I posed by my initial at the Gutenberg Museum in Mainz, Germany, in April 2007.

This will be my Monday column in The Gazette:

 

I can be a little smug when I receive e-mails from conservatives who attribute the decline of newspapers to our supposed liberal leanings.

I understand the shifting media landscape so much better than these people, I tell myself. Aren’t they aware that conservative newspapers such as the Wall Street Journal and Orange County Register are facing the same upheaval?

That smugness reared up in another place last week when I was reading a message from an academic who wanted to know more about the “experiment” we’re undertaking at Gazette Communications. I mulled how to tell the professor this is no experiment. We’re undergoing a no-turning-back transformation here.

Then I read Clay Shirky’s blog post “Newspapers and Thinking the Unthinkable.” I realized I’m just beginning to understand the shifting media landscape. I can see that even a no-turning-back transformation is truly an experiment.

For nearly two years now, my closing shtick at presentations for newspaper industry gatherings has revolved around Johannes Gutenberg, whose development of movable type and a printing press transformed the world in the 15th Century.

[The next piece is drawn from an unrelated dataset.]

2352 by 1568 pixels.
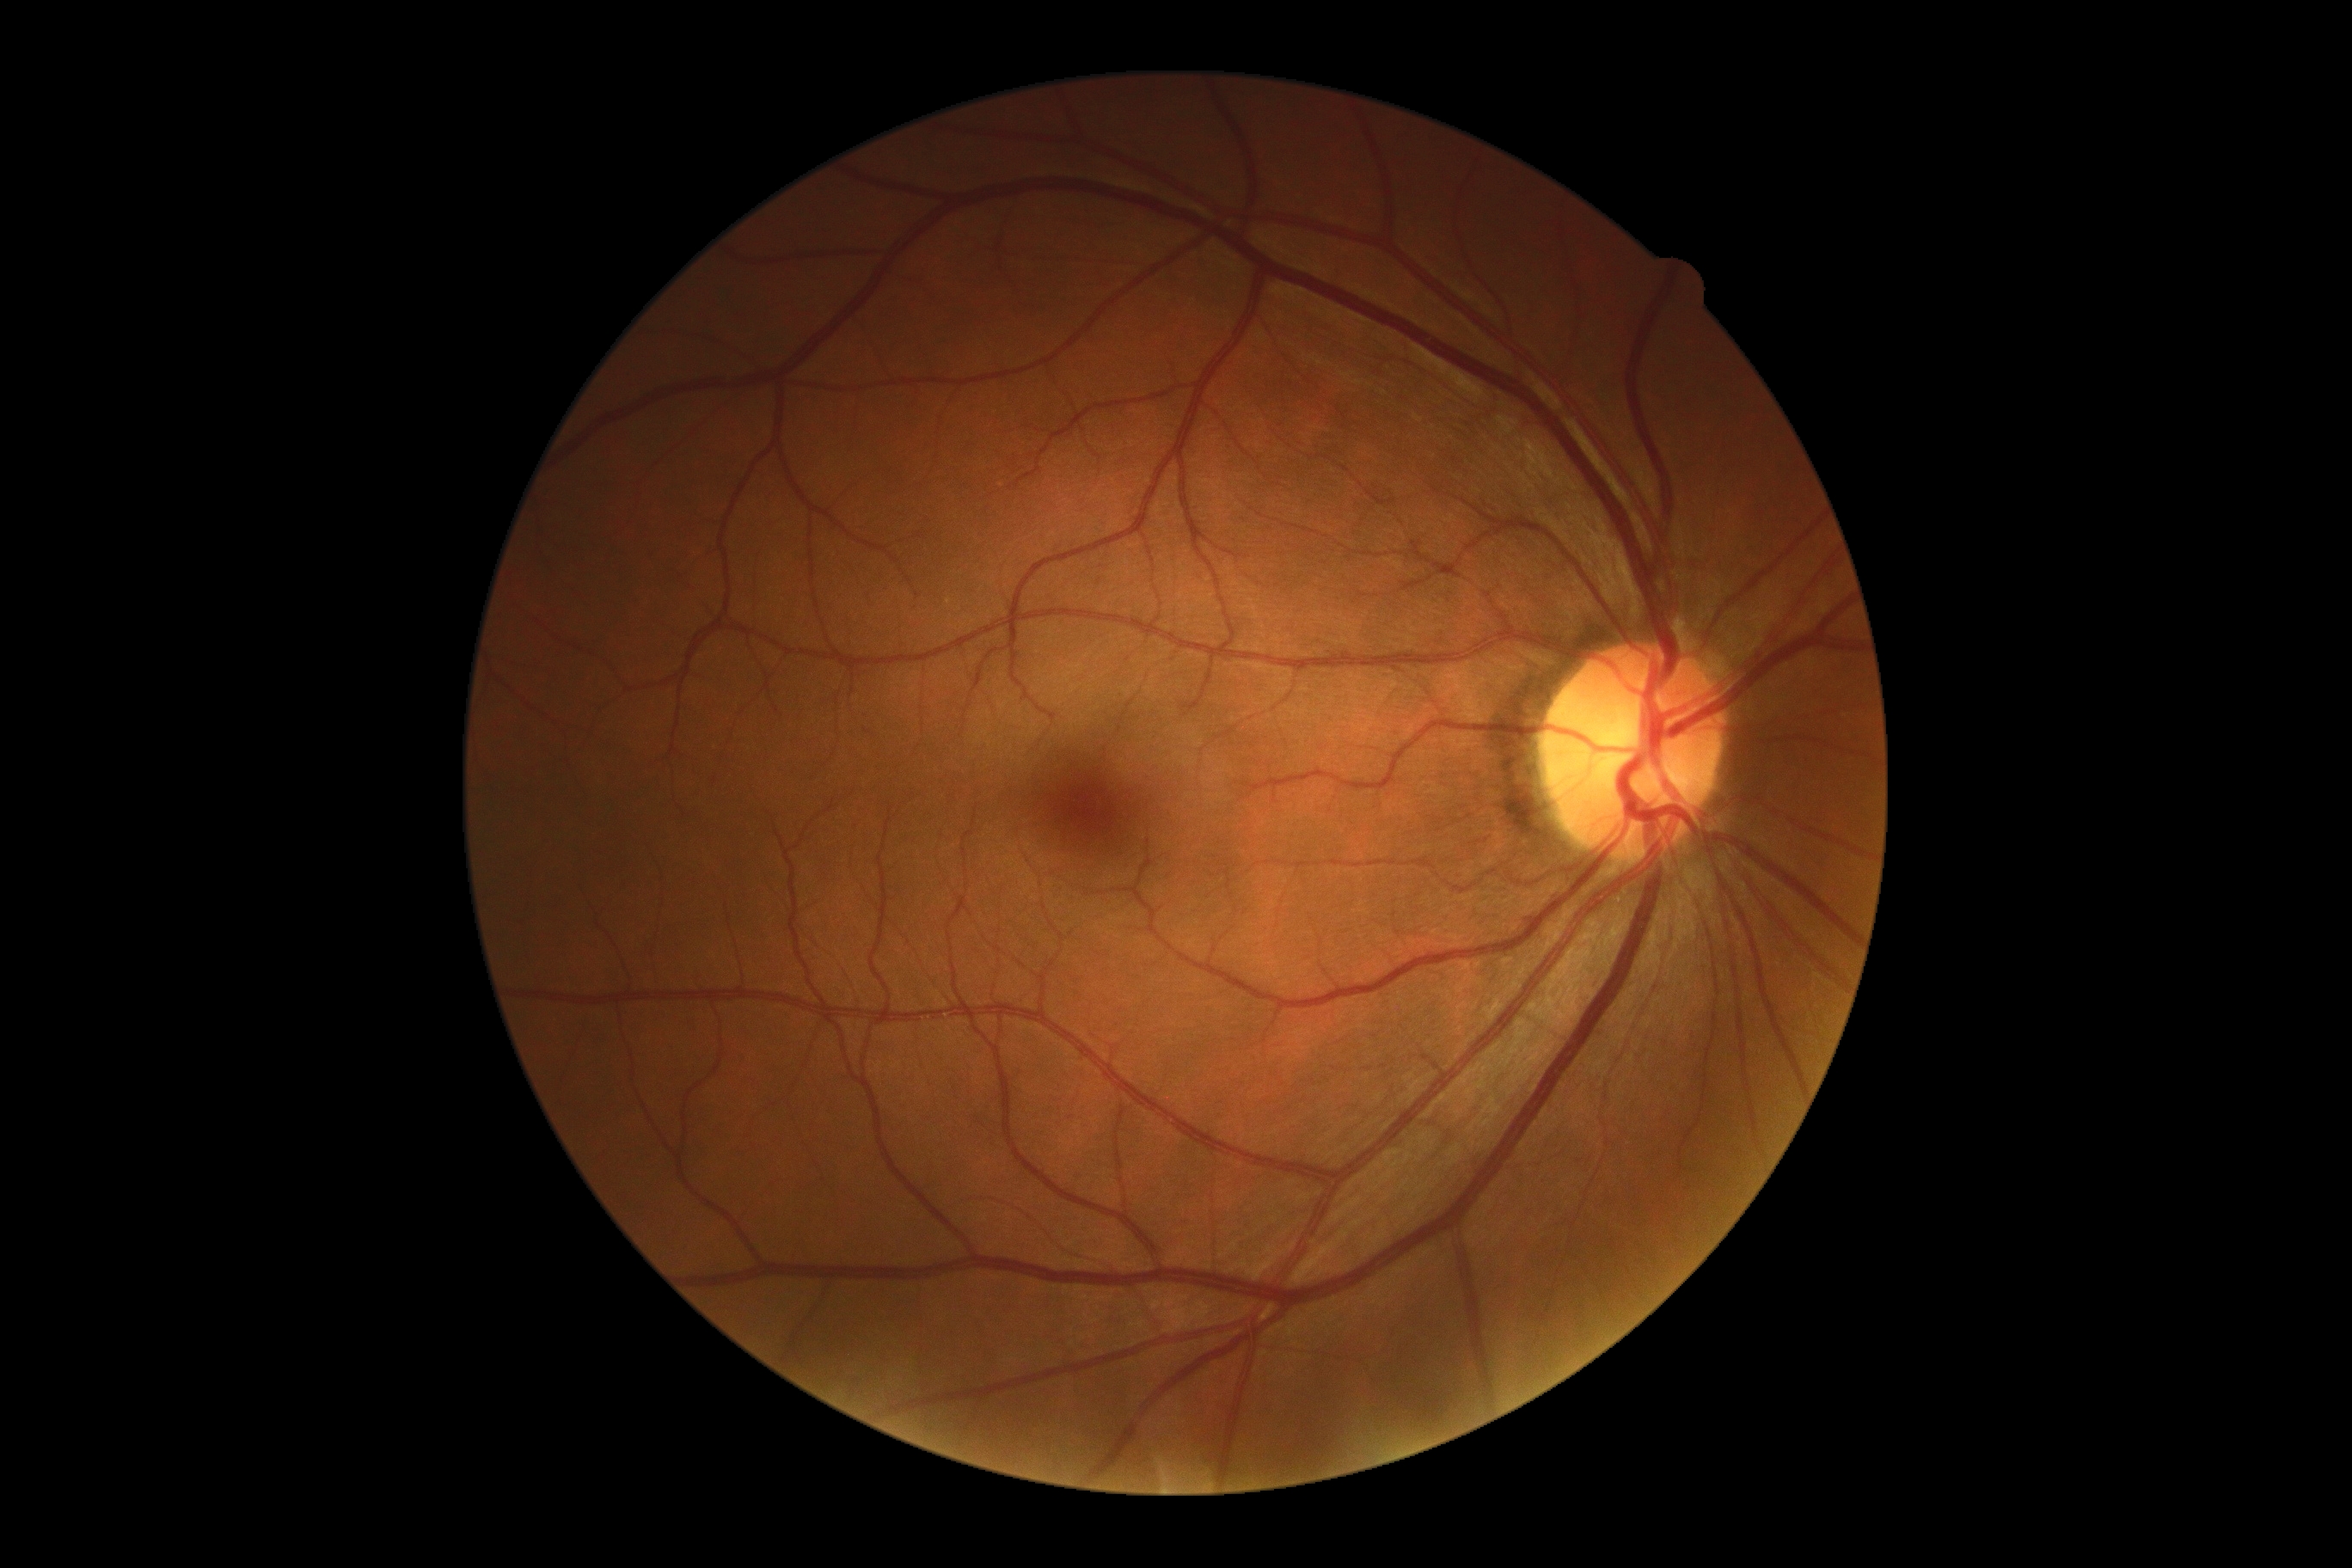 diabetic retinopathy (DR)@no apparent diabetic retinopathy (grade 0), DR impression@no signs of DR.

I told of visiting the Gutenberg Museum in Mainz, Germany, in 2007. For a journalist in his fourth decade working for newspapers, it was an emotional experience to see the history of printing in its birthplace and to see three ancient, original Gutenberg Bibles. In the same room where the Bibles were displayed, I also saw several older Bibles, beautiful works of art handcrafted by monks in the centuries before Gutenberg.

In closing my presentations about innovation in the news business, I likened those monks to today’s newspaper industry. If the monks’ product was a beautiful handmade book to be passed down through the generations as a treasure, its days were numbered when Gutenberg developed the printing press. But, I added, if their product was a message that they believed in their souls was the word of God, this new technology would help spread that message to countless millions who would never be able to have one of those precious handmade Bibles.

Similarly, I said, our product today is not ink on paper, delivered to your home daily with an account of yesterday’s news. We’re pleased that so many people count on their newspaper and we certainly have been hearing from them the past week after we made some changes to The Gazette. But that newspaper you love or hate is just a delivery system, not the actual product. Our true product is news, information, meaning, context, connection to the community and connection to the marketplace. If we can use today’s revolutionary technology to advance that product and deliver it in different ways to new audiences, we can thrive in this revolution the way the Bible thrived in the printing revolution.

It’s a good shtick and I deliver it with a fervor that would make my preaching parents proud. But when I read Shirky, I realized I didn’t fully understand the Gutenberg revolution and its meaning for today’s newspaper industry.

Citing Elizabeth Eisenstein‘s book The Printing Press as an Agent of Change (I’ve already ordered it and may write more about it in the future), Shirky cited lessons from the Gutenberg revolution that snuck right past me: “That is what real revolutions are like. The old stuff gets broken faster than the new stuff is put in its place. The importance of any given experiment isn’t apparent at the moment it appears; big changes stall, small changes spread. Even the revolutionaries can’t predict what will happen.”

Shirky couldn’t predict, and neither can I, where this revolution will lead: “No one experiment is going to replace what we are now losing with the demise of news on paper, but over time, the collection of new experiments that do work might give us the reporting we need.”

After reading Shirky, I had to admit that we are experimenting, even if we aren’t turning back. The Gazette Co. remains by far Eastern Iowa’s leading news source. We need to experiment now from this strong base, even if the local and national economy and the newspaper industry are in turmoil.

We face an opportunity as profound as Gutenberg’s. We need to be bold enough and visionary enough to seize that opportunity and contribute to this revolution.